Emas melanjutkan reli eksplosifnya saat investor mencari keamanan di tengah ketidakpastian geopolitik yang meningkat.

Emas XAU melonjak mendekati wilayah $4.400 saat permintaan institusional meningkat tajam. Reli ini mencerminkan kombinasi lindung nilai inflasi, rotasi modal defensif, melemahnya kepercayaan terhadap stabilitas global, dan ketakutan bahwa eskalasi militer dapat menyebar lebih jauh di seluruh wilayah. Secara historis, emas berkinerja terbaik selama periode risiko perang, ketidakstabilan inflasi, dan ketidakpastian keuangan, dan lingkungan saat ini menggabungkan ketiga kondisi tersebut sekaligus.

Sementara itu, pasar cryptocurrency mengalami tekanan likuidasi besar-besaran.

Bitcoin turun mendekati wilayah $73.000 sementara Ethereum melemah di bawah zona dukungan psikologis utama di sekitar $2.000. Altcoin mengalami penurunan persentase yang bahkan lebih besar karena trader dengan leverage dipaksa keluar dari posisi selama likuidasi yang berantai. Dalam beberapa jam, ratusan juta dolar eksposur crypto berleveraged hilang dari pasar, dengan posisi long menyumbang sebagian besar likuidasi.

Beberapa faktor memperkuat penjualan crypto:

1. Akumulasi leverage berlebihan sebelum peristiwa geopolitik
2. Kedalaman likuiditas yang lemah di bawah zona dukungan utama
3. Korelasi kuat antara crypto dan sentimen risiko makro yang lebih luas
4. Penjualan paksa yang didorong kepanikan dari posisi yang dilikuidasi

Open interest di pasar futures perpetual menurun tajam saat trader mengurangi eksposur dan market maker memperlebar spread di tengah ketidakpastian. Tingkat ketakutan di seluruh pasar melonjak dengan cepat saat investor beralih dari spekulasi agresif ke posisi defensif.

Pasar keuangan tradisional juga bereaksi negatif.
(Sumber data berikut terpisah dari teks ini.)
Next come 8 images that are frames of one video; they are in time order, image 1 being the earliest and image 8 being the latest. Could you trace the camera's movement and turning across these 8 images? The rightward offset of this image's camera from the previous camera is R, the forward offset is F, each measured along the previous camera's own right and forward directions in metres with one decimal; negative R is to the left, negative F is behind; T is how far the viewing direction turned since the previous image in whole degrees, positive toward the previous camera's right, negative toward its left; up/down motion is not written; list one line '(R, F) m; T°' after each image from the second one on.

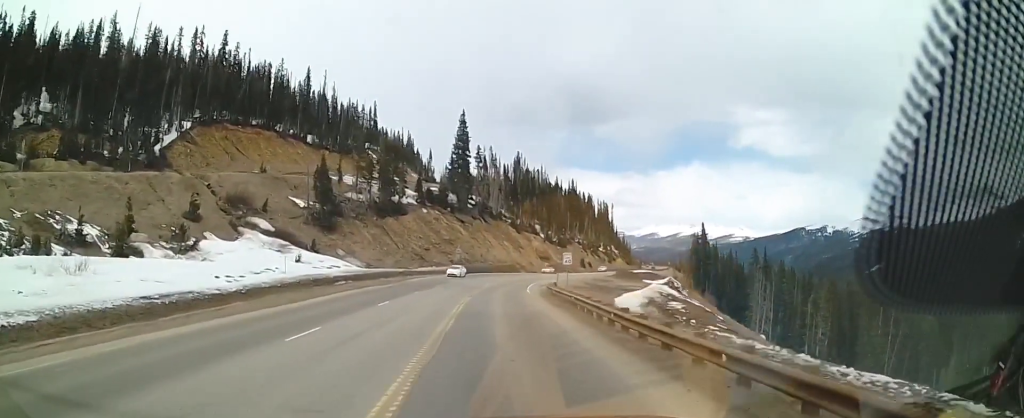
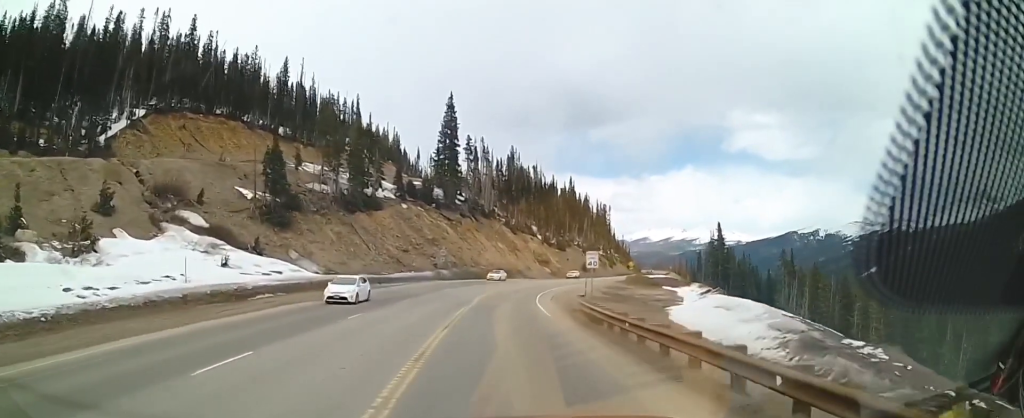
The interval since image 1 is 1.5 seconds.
(-0.1, +16.5) m; +1°
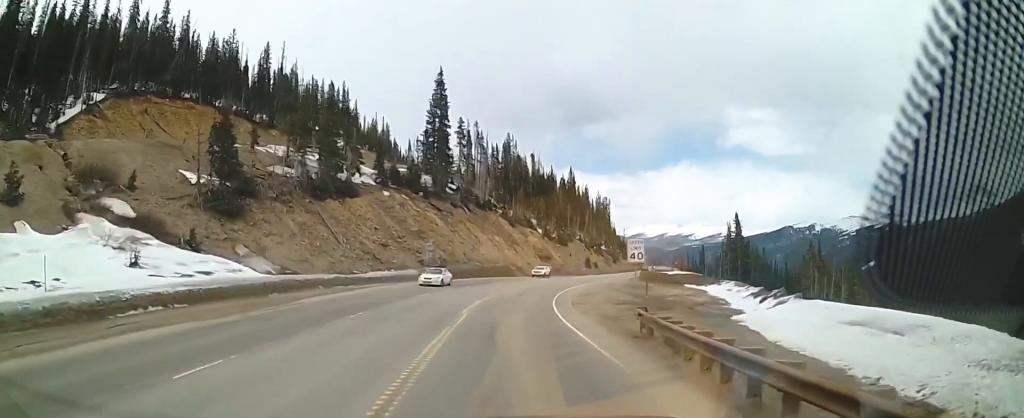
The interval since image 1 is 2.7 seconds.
(+0.2, +12.9) m; +2°
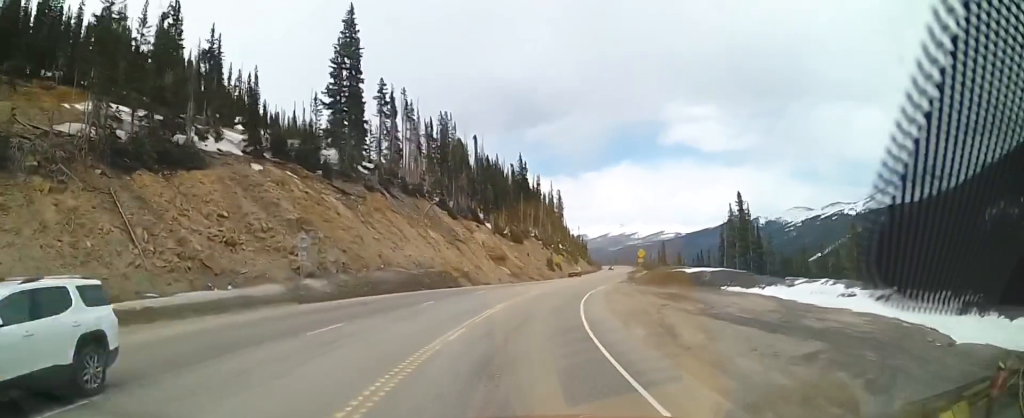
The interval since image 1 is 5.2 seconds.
(+1.2, +30.4) m; +11°
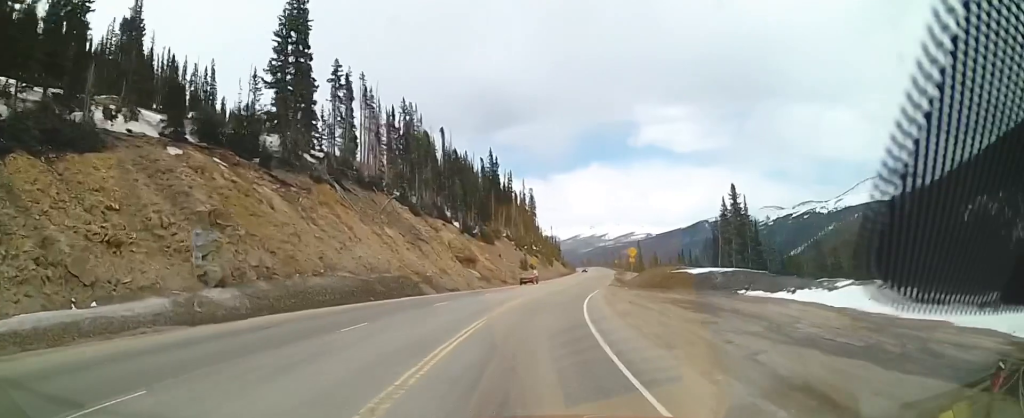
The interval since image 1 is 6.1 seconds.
(+1.3, +10.7) m; +7°
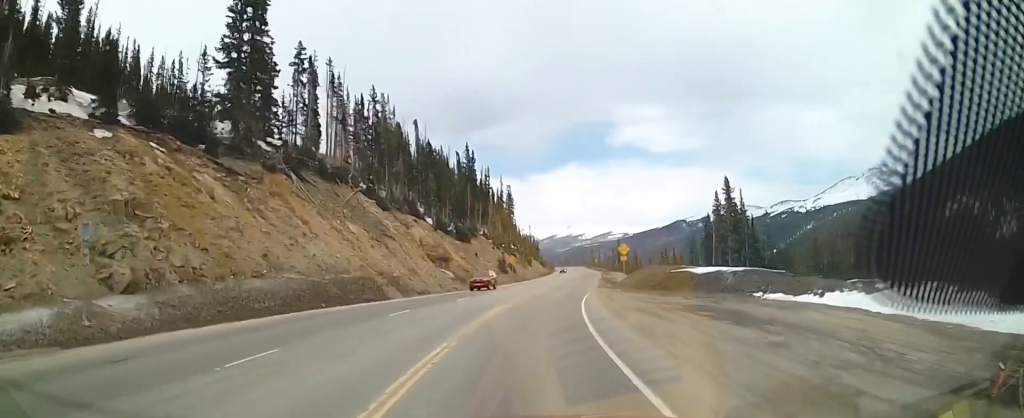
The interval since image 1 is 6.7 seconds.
(+0.1, +7.2) m; -1°
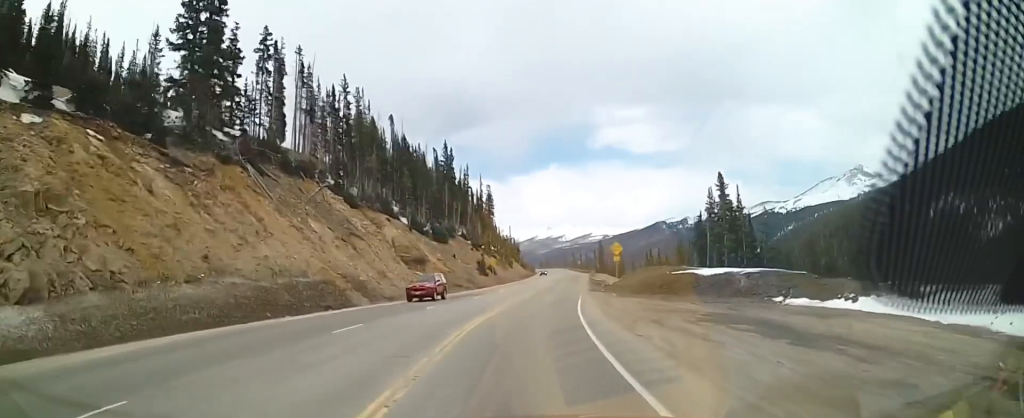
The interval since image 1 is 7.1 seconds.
(0.0, +5.9) m; 0°
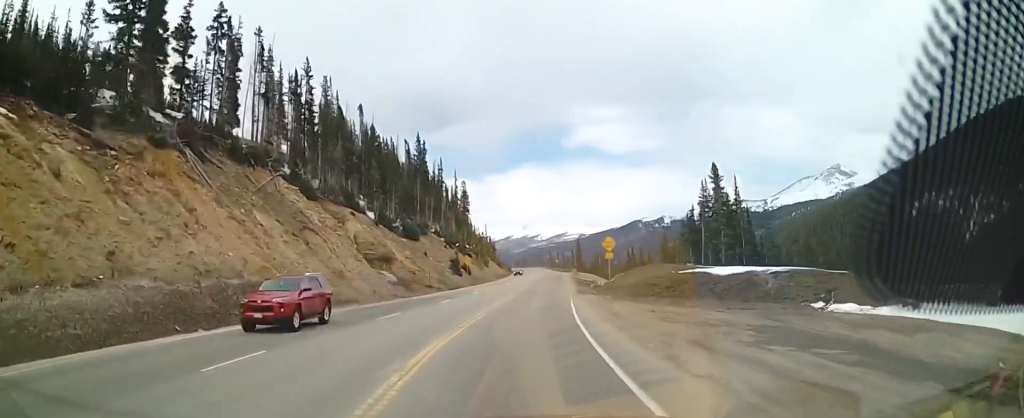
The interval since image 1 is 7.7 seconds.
(-0.4, +7.3) m; +1°

Futures S&P 500 dan Nasdaq bergerak lebih rendah saat investor menilai kembali ekspektasi pertumbuhan di bawah tekanan inflasi yang meningkat. Imbal hasil Treasury naik lebih tinggi saat pasar mulai menilai kembali kemungkinan bahwa bank sentral mungkin harus mempertahankan kondisi keuangan yang lebih ketat lebih lama jika harga energi terus naik.

Ini menciptakan lingkungan makro yang berbahaya di mana:
• Harga minyak melonjak
• Risiko inflasi kembali muncul
• Kondisi likuiditas mengencang
• Selera risiko melemah secara global

Ke depan, pasar tetap sangat sensitif terhadap berita geopolitik.
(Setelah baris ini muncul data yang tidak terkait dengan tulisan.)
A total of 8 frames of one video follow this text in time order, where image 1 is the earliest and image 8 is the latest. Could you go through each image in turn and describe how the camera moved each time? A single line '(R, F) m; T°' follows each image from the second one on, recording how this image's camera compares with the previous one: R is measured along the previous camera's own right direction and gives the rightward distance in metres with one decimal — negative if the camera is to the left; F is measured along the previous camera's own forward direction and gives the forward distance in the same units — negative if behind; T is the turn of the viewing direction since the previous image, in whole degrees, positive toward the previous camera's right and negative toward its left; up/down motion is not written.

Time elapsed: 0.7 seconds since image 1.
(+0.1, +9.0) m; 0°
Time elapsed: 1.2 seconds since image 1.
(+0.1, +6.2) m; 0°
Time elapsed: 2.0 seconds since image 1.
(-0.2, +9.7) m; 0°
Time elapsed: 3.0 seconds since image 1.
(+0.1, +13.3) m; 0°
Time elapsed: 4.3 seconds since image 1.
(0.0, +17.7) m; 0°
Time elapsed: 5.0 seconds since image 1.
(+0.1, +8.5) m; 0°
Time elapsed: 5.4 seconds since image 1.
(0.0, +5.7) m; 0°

Jika negosiasi diplomatik dilanjutkan dan ketegangan militer mereda, Bitcoin bisa pulih menuju zona resistansi yang lebih tinggi sementara harga minyak stabil. Namun, jika balasan meningkat atau infrastruktur regional menjadi terancam, minyak bisa dengan cepat mendekati level $100 sementara crypto dan saham menghadapi gelombang volatilitas lain.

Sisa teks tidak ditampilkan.